Referendum für Olympia 2024: Hamburg hat entschieden - und will keine Spiele in der eigenen Stadt

Die Hamburger lehnen Olympia ab. Im Referendum stimmte die Mehrheit sensationell gegen eine Bewerbung um Sommerspiele 2024. Für den olympischen Sport in Deutschland ist damit die Stunde null gekommen.

Von Christian Hönicke

Es sollte eine rauschende Party werden. Etwa 200 prominente Gäste waren in die Hamburger Multifunktionshalle, die schon so viele Sponsorennamen hatte, geladen worden. Viele Sportgrößen der Hansestadt wollten in stimmungsvollem Rahmen auf Olympia hinfeiern. Doch je länger der Abend wurde, desto länger wurden auch die Gesichter. Kurz vor 21 Uhr war es dann gewiss: Hamburg sagt Nein zu Olympia. Das amtliche Endergebnis steht zwar erst am 15. Dezember fest, doch das vorläufige Endergebnis am Sonntagabend war eindeutig. Die Bürger der Hansestadt stimmten mit 51,6 Prozent dagegen, sich um die Austragung der Sommerspiele 2024 zu bewerben. Da nützte es auch nichts, dass in Kiel, wo die Segelwettbewerbe stattfinden sollten, 65,6 Prozent der Menschen für Olympia stimmten.

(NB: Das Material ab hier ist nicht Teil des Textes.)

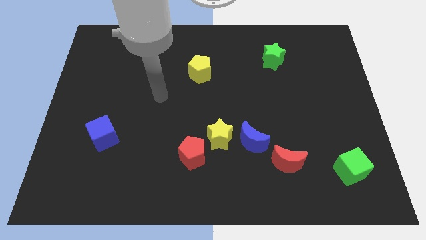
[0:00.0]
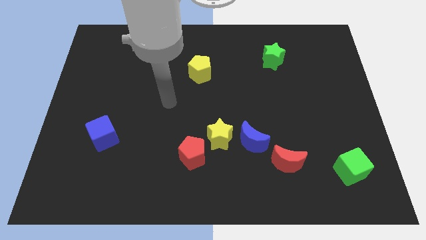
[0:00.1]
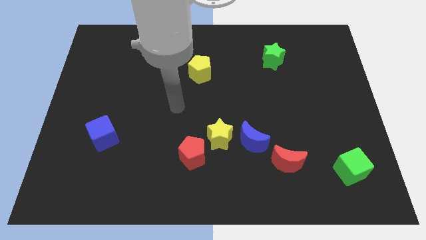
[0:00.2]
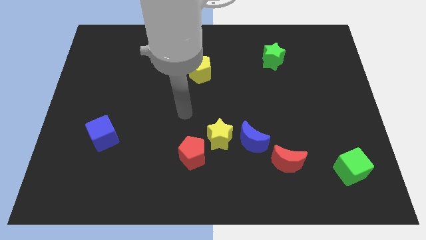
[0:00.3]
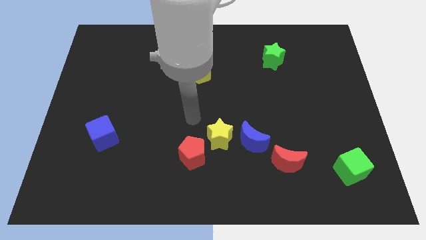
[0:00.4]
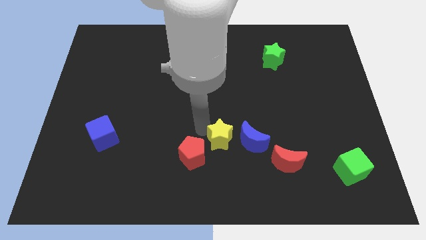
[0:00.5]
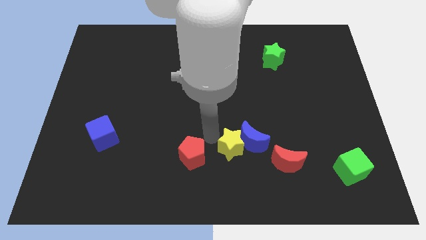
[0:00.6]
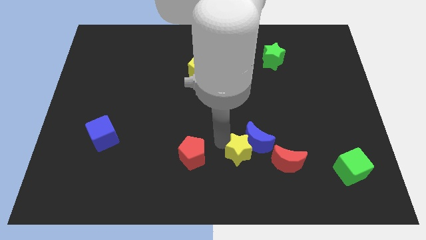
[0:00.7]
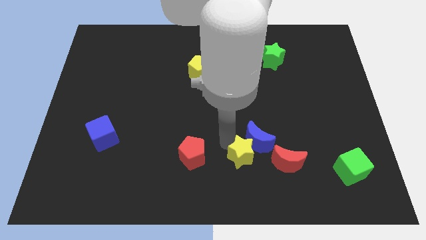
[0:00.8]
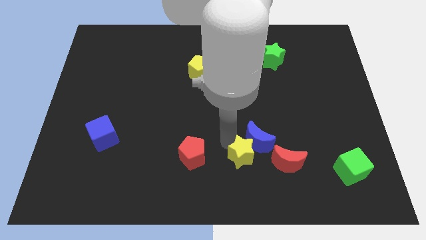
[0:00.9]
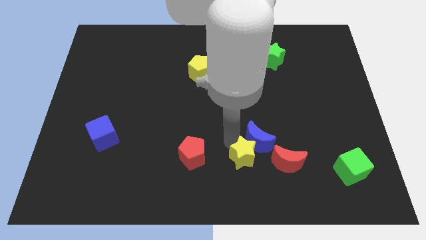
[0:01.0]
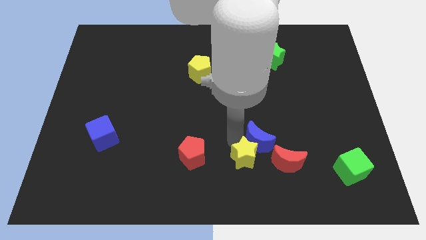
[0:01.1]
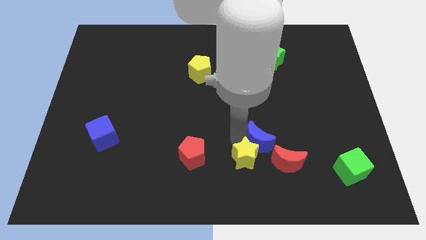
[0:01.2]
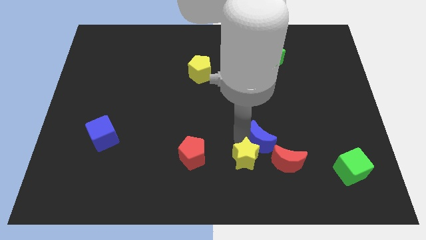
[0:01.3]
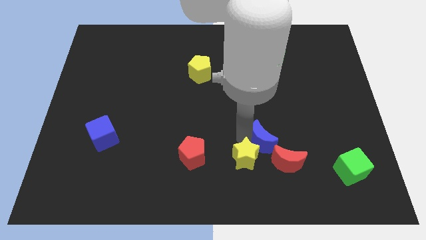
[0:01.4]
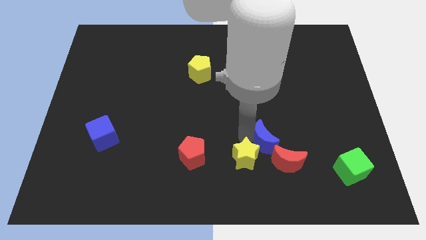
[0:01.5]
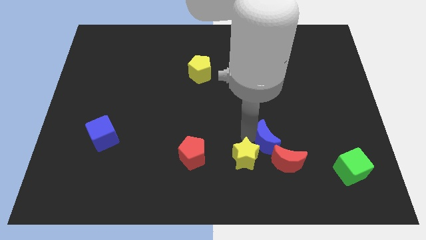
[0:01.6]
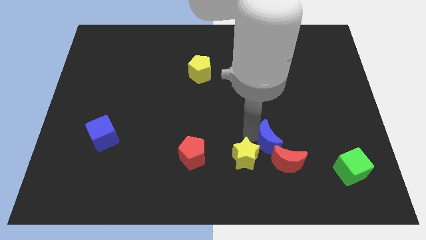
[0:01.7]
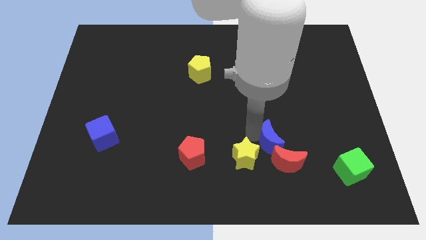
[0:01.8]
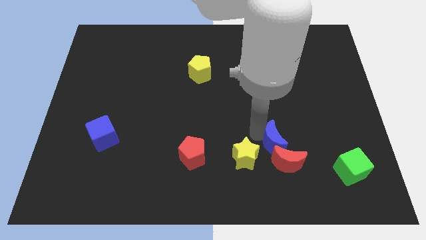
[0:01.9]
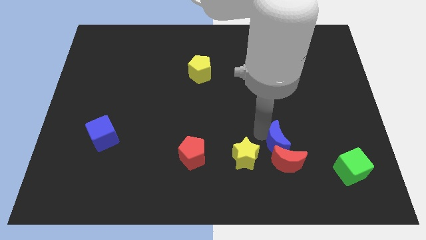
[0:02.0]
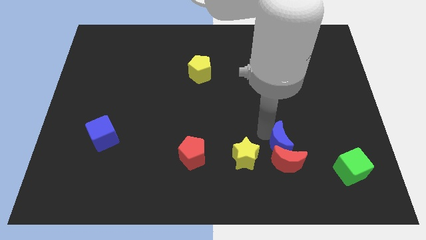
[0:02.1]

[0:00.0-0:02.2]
push the blue moon diagonally up and to the right of the red moon

Im Frühjahr waren noch 63 Prozent der Bürger für Olympia

Ein paar Minuten später trat Olaf Scholz im Rathaus an die Öffentlichkeit. Der Erste Bürgermeister, der die Mission Hamburg 2024 zur Chefsache gemacht hatte, gestand seine Niederlage ein. „Die Hamburgerinnen und Hamburger haben eine Entscheidung getroffen: Hamburg wird sich nicht um die Austragung der olympischen und paralympischen Spiele 2024 bewerben“, erklärte der SPD-Politiker. „Der Senat und ich hätten uns eine andere Entscheidung gewünscht, sie ist aber klar.“ Sie kam auch nicht komplett aus heiterem Himmel: Im September waren noch 63 Prozent der Hamburger für die Bewerbung, zuletzt war die Zustimmung aber immer weiter gesunken.

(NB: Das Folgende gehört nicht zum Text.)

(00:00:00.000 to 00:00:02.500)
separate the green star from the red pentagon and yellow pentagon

Im Lager der Olympiagegner war die Stimmung dagegen blendend. „Die Menschen sehen, dass es Sachen gibt, wo das Geld besser angelegt ist“, sagte Florian Kasiske von der Initiative NOlympia. Kasiske und seine Mitstreiter hatten vehement gegen die Spiele gekämpft, die laut der Kostenschätzung 11,2 Milliarden Euro hätten kosten sollen. Sie hatten unter anderem damit argumentiert, dass die Kosten bei allen Olympischen Spielen seit 1960 im Schnitt dreimal so hoch wie veranschlagt gewesen seien. Auch die Schlagworte Gentrifizierung und Mietsteigerung brachten sie mit dem geplanten Sportfest in Verbindung – gut möglich, dass das in Anbetracht der prekären Wohnungssituation rund um die Alster bei den Menschen verfing.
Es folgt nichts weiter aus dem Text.